Insurers and drug companies and their armies of lobbyists get what they pay for on Capitol Hill.
If you wonder why we spend more money on health care than any other country but have some of the worst health outcomes, you need look no further than the halls of Congress to figure out why that is.
And you need look no further back than the recent "fiscal cliff" drama for compelling proof of how decisions are often made, not based on protecting the public's interest and bringing costs down, but on protecting the profits of pharmaceutical companies, insurance firms and other special interests that grease the palms of our elected officials.
Drug makers have long had cozy relationships and outsized influence on lawmakers in Washington. That's why ObamaCare barely touches that industry. Big Pharma essentially blackmailed members of Congress and the White House by threatening to bankroll a huge PR and lobbying campaign to kill health care reform if serious consideration was given to allowing Medicare officials to negotiate for lower drug prices.

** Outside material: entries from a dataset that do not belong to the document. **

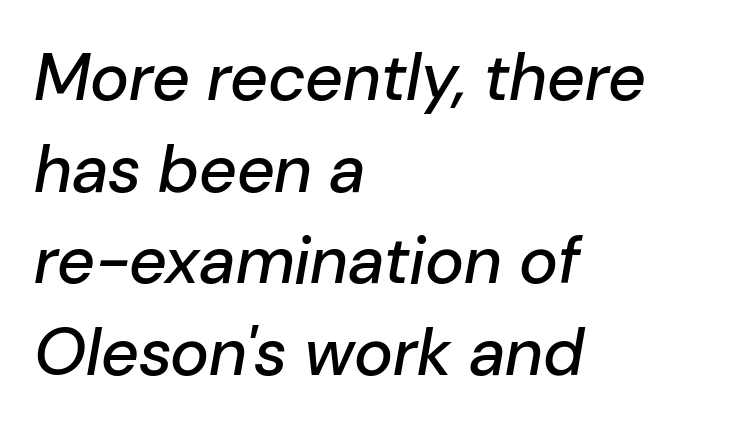
Reading down the block, your eye returns to a fixed left position each line. Glance below the letters and you will spot only blank space. The rendering uses natural spacing where letterforms have individual widths. Italic: yes, the glyphs are oblique. In terms of leading, this rendering sits right in the middle. Characters follow at the spacing the type designer built in.
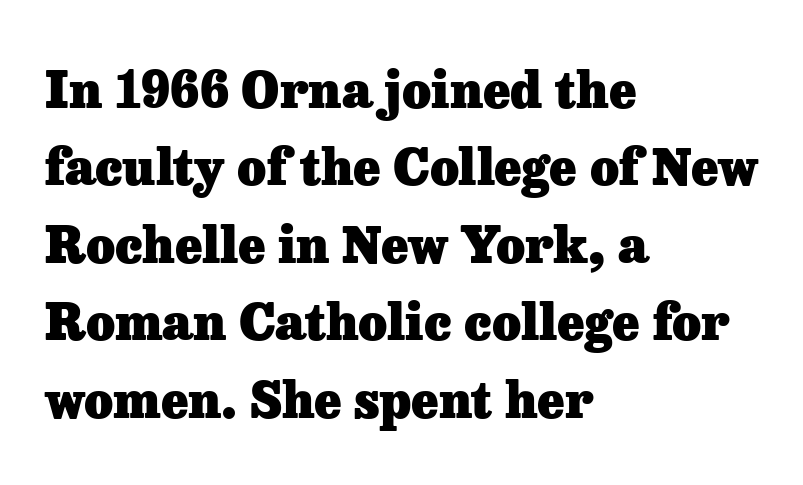
The image shows 50 px heavy serif type, upright; set left-aligned, normal line spacing (1.55x), normal letter spacing, not underlined; low stroke contrast and a medium x-height.
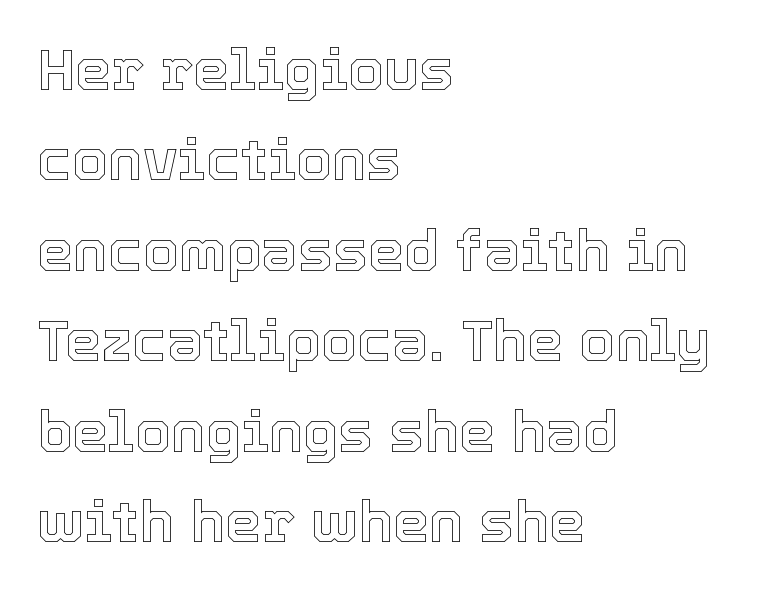
Q: Is the text italic (slanted)? A: No, it is upright.
Q: Is the text underlined? A: No.
Q: How is the paragraph aligned? A: Left-aligned.
Q: Is the spacing between letters normal or unusually wide? A: Normal.
Q: Is the spacing between lines tight, normal or loose? A: Normal.
Q: Width (condensed, normal, or wide)? A: Normal.
Q: x-height? A: Medium.
Q: Monospaced? A: No.
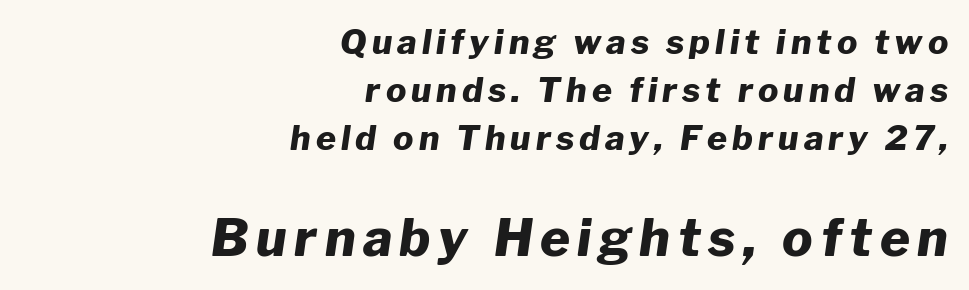
Q: Is the text bold? A: Yes.
Q: Is the text italic (slanted)? A: Yes, it leans right by about 8 degrees.
Q: Is the text underlined? A: No.
Q: How is the paragraph aligned? A: Right-aligned.
Q: Is the spacing between lines tight, normal or loose? A: Normal.
Q: Which block of text is set in a larger size, the first (top) or the second (bottom)? A: The second (bottom) one.
Q: Width (condensed, normal, or wide)? A: Normal.
Q: Stroke contrast? A: Low.
Q: x-height? A: Medium.
Q: Monospaced? A: No.

We hear constantly from lawmakers about how unsustainable the Medicare "entitlement" program is, yet when they had a chance to make a difference in how much Medicare has to shell out to drug makers, they looked the other way. Taxpayers could save billions of dollars a year if Medicare didn't have to pay so much for drugs, but drug companies have much more clout on Capitol Hill than taxpayers.
So much clout that one big drug company--Amgen--was able to get language quietly inserted in the fiscal cliff bill that will cost the Medicare program millions of dollars.
Buried deep in the legislation is language that delays long-proposed price restraints on a class of drugs used to treat kidney dialysis patients. That paragraph allows Amgen to sell one of its high-priced drugs, Sensipar, with no government controls for two more years--at a cost to the Medicare program of an estimated $500 million.
As reported first in The New York Times, this Congressional gift to Amgen, which employs 74 lobbyists in Washington, came just two weeks after the company pleaded guilty in a federal fraud case. It's likely the public would never have been aware of the company's windfall if its CEO hadn't reported it right away to Wall Street investment analysts, the stakeholders most dear to publicly traded companies like Amgen and the insurance companies I used to work for.
The language apparently was inserted in the fiscal cliff bill by Amgen's friends on the Senate Finance Committee, Democrats as well as Republicans. The company has been very generous with campaign contributions over the years to several committee members, including Orrin Hatch (R-Utah) and committee chair Max Baucus (D-Mont).
Speaking of insurance companies, they, too, made out like bandits in the fiscal cliff bill.
My former colleagues rarely miss an opportunity to talk about the importance of "choice and competition" to consumers.
"Health plans are committed to working with policymakers to make coverage more affordable, promote choice and competition, and maintain a strong safety net for our nation's most vulnerable populations," Karen Ignagni, president of America's Health Insurance Plans, said in a recent statement. Ignagni went on to make several suggestions about changes policymakers should make to ObamaCare before important consumer protections kick in on Jan. 1, 2014.
And --surprise--lawmakers took some of Ignagni's suggestions. Language inserted in the fiscal cliff bill at the 11th hour by friends of the industry that will actually reduce "choice and competition" is all the proof we need that the $10.2 million AHIP and 11 big insurers gave to federal politicians between 2010 and 2012 is turning out to be a pretty good investment.
The truth is that the major insurers dominating the so-called marketplace have for years been systematically eliminating their smaller competitors, either by forcing them out of business or by acquiring them. There are far fewer managed care companies today than there were when I first began working for the industry in the 1980s.
In an effort to create more competition, consumer-friendly lawmakers inserted a provision in ObamaCare to make federal dollars available through loans to groups hoping to set up nonprofit co-op health plans in every state.